マイクロソフト研究所

アップデートサイクルが変わるWindows Server

 MicrosoftはWindows 10において、リリースの方針を変更した。以前のWindows 7やWindows 8のように、メジャーリリースの後継Windows OSを数年ごとに提供するのではなく、Windows 10を常にアップデートし続ける方式を選んだのだ。

 Windows Serverについても、Windows 10と同じコードベースのWindows Server 2016から、新しいリリースモデルに一部変更されている。

 本稿では、このアップデートモデルと、実装された新機能について解説していく。また、現在プレビューが公開されている新しい管理ツール「Project Honolulu」についても説明する。

Server CoreとNano Serverでのアップデートサイクルを変更

 Windows Serverの基本的なサポートライフサイクルはLTSC(Long Term Service Channel、以前はLTSB:Long Term Service Branchと呼ばれていた)で、10年間のサポート(メインストリームサポート5年+延長サポート5年)が提供されている。

 つまり、これまでのWindows Serverと同じように、メジャーリリースが何年後かに登場してくる形式は変わっていない。

 では何が変わったのかというと、Windows Serverの機能からGUIを排除した「Server Core」と、もっとも軽量な形態「Nano Server」においてのアップデートだ。

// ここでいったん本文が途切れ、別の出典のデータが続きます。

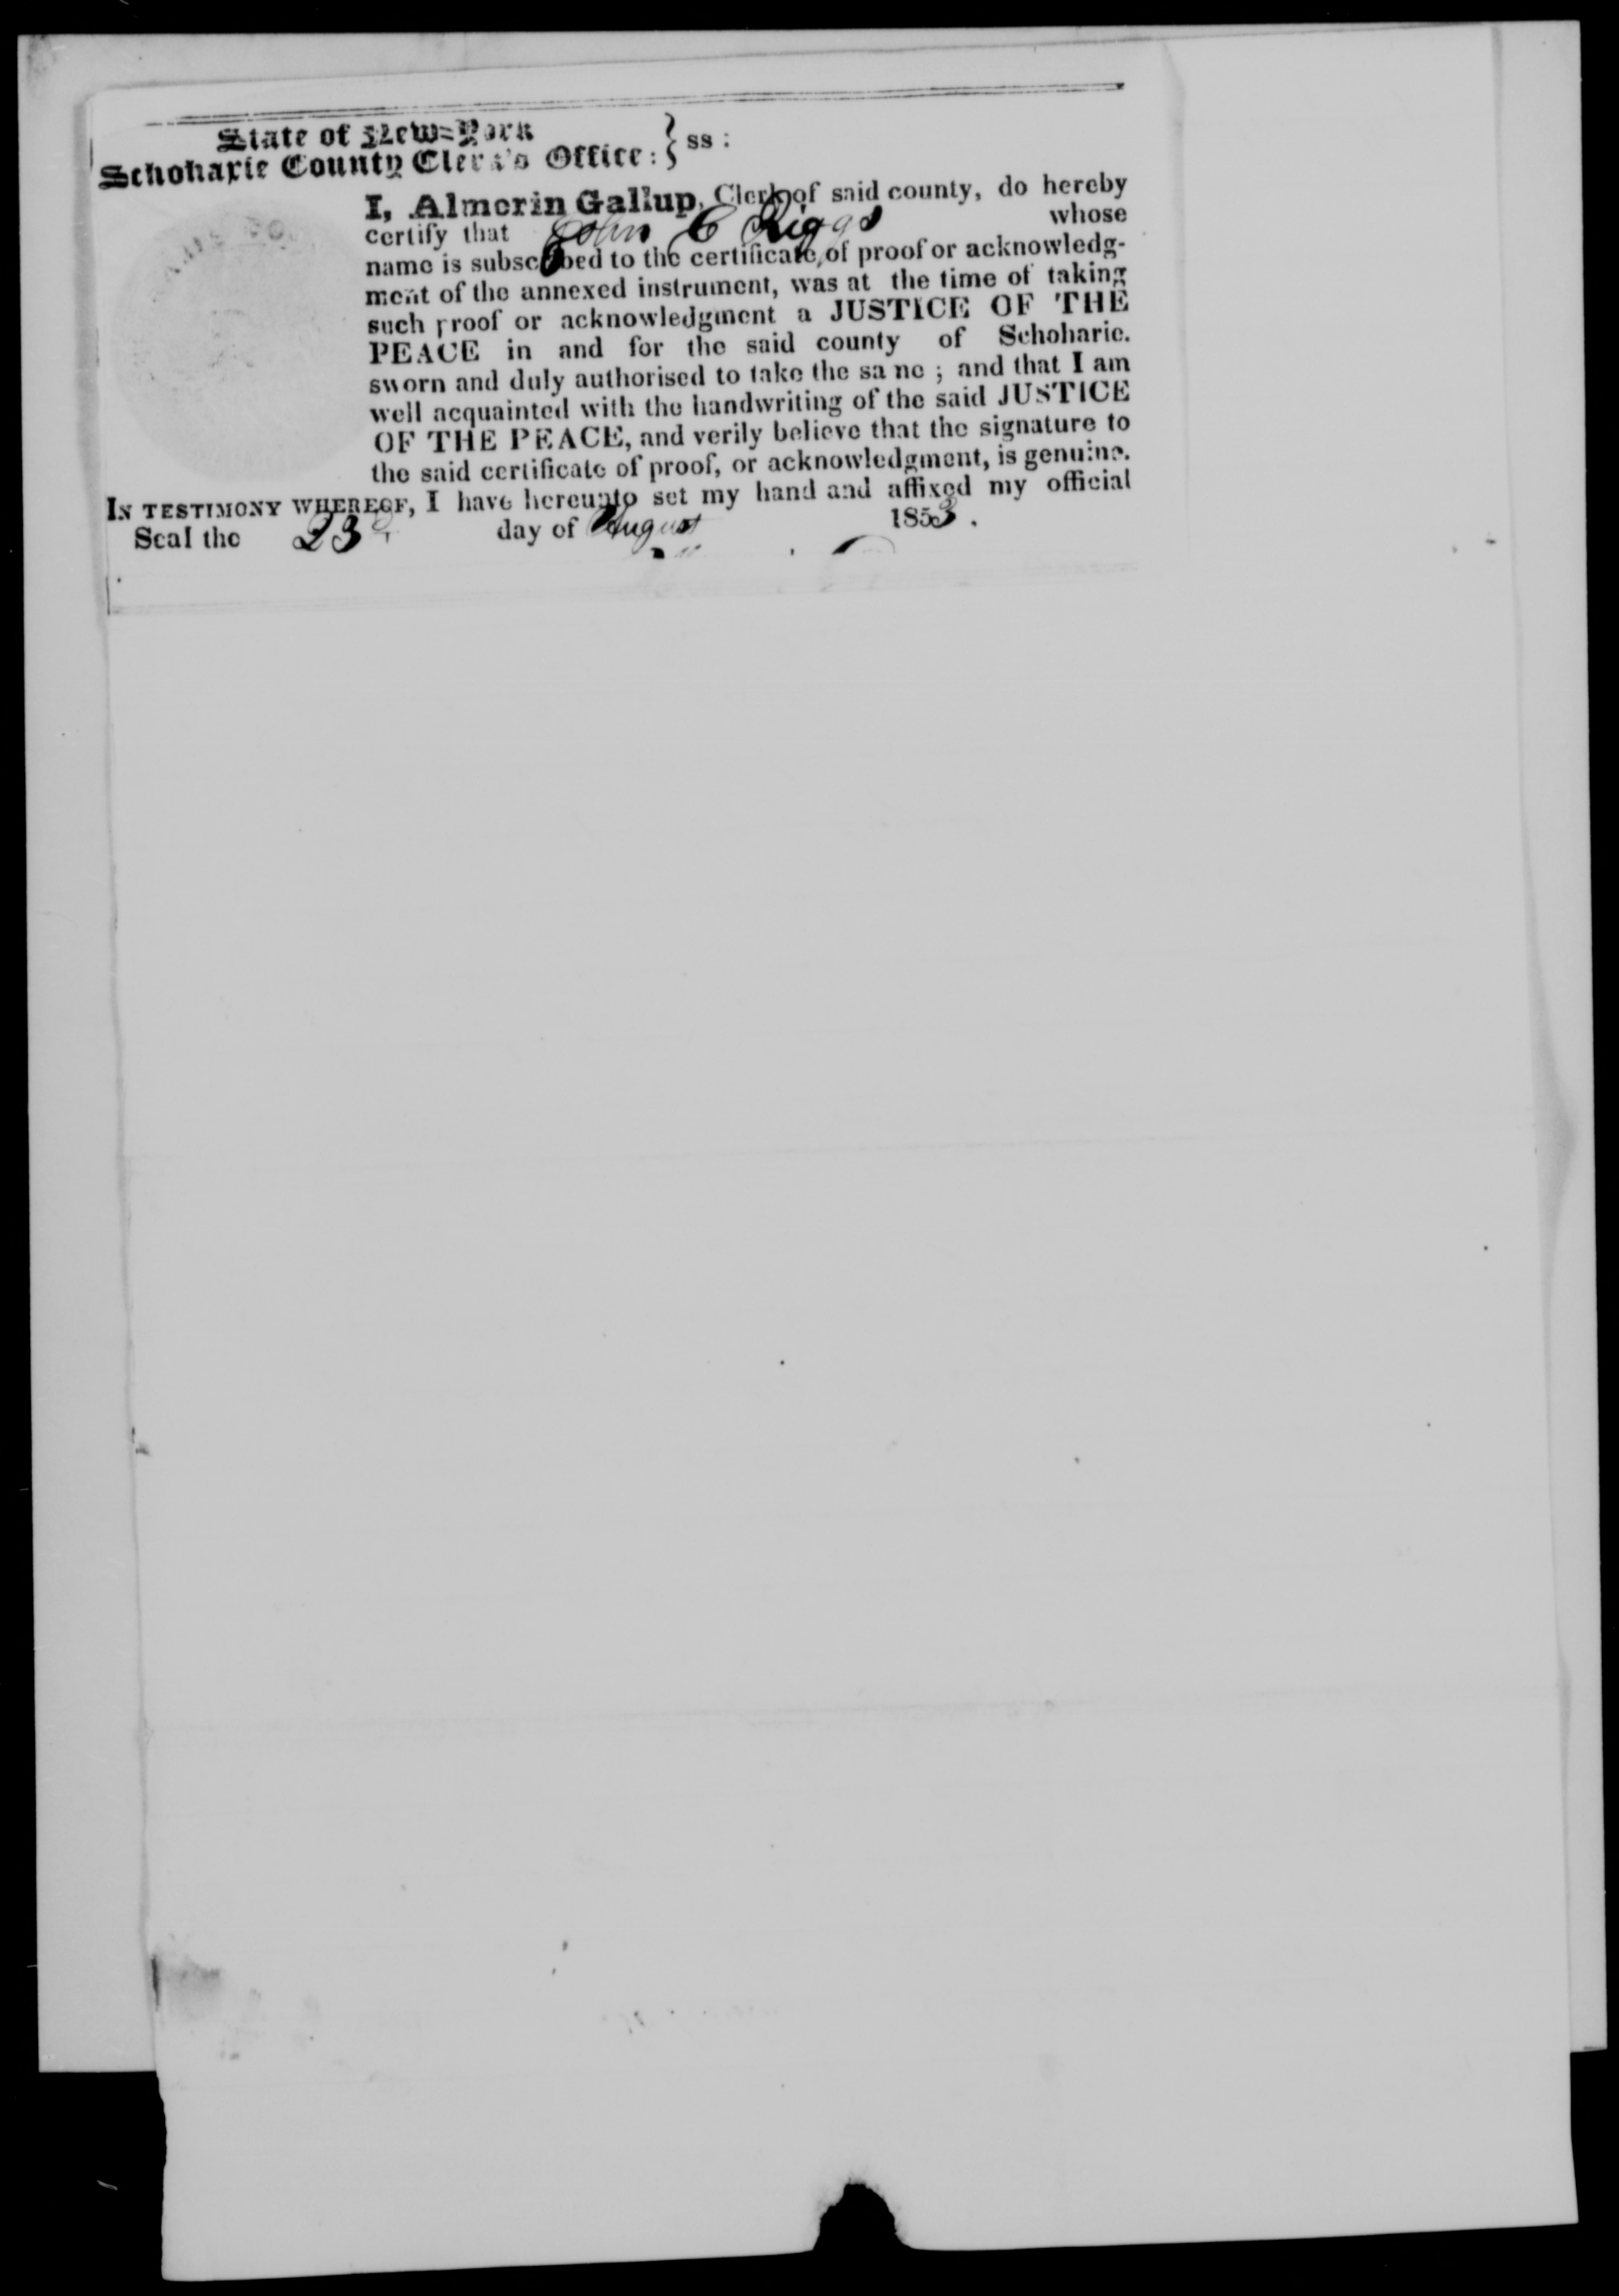State of New York Schohaxie County Clerk's Office
I Almerin Gallup, Clerk of said county, do hereby certify that John C Riggs whose name is subscribed to the certificate, of proof or acknowledgement of the annexed instrument, was at the time of taking such proof or acknowledgement a Justice of the Peace in and for the said county of Schoharie. sworn and duly authorised to take the same; and that I am well acquainted with the handwriting of the said Justice of the Peace and verily believe that the signature to the said certificate of proof, or acknowledgment is genuine, In testimony whereof I have hereunto set my hand and affixed my official seal the 23 day of August 1853

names: John C Riggs, Almerin Gallup
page: 23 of 67
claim: widow's
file: W. 7379, George Young, New Jersey

 クライアントOSのWindows 10では、年2回(半期チャネル:Semi Annual Channel)間隔で、新たなメジャーアップデートが提供されるが、Server CoreとNano Serverにおいても、Windows 10同様に年2回のメジャーアップデートを行うことになった。

 これは、サーバーOSの分野でも進歩のスピードが激しくなっているためだろう。Windows Server 2016においては、最初の半期チャネルのリリースは2017年10月に行われ、「Windows Server Version 1709」が提供された(名称から年号が省かれている)。

 ただしサーバーOSとしての性質上、Server CoreとNano Serverでは、Windows 10のように年2回のメジャーアップデートが強制されることはなく、アップデートしていないWindows Server 2016も、当面の間利用できる。これは、サーバーOSとしては年2回のメジャーアップデートがひんぱんすぎるためだ。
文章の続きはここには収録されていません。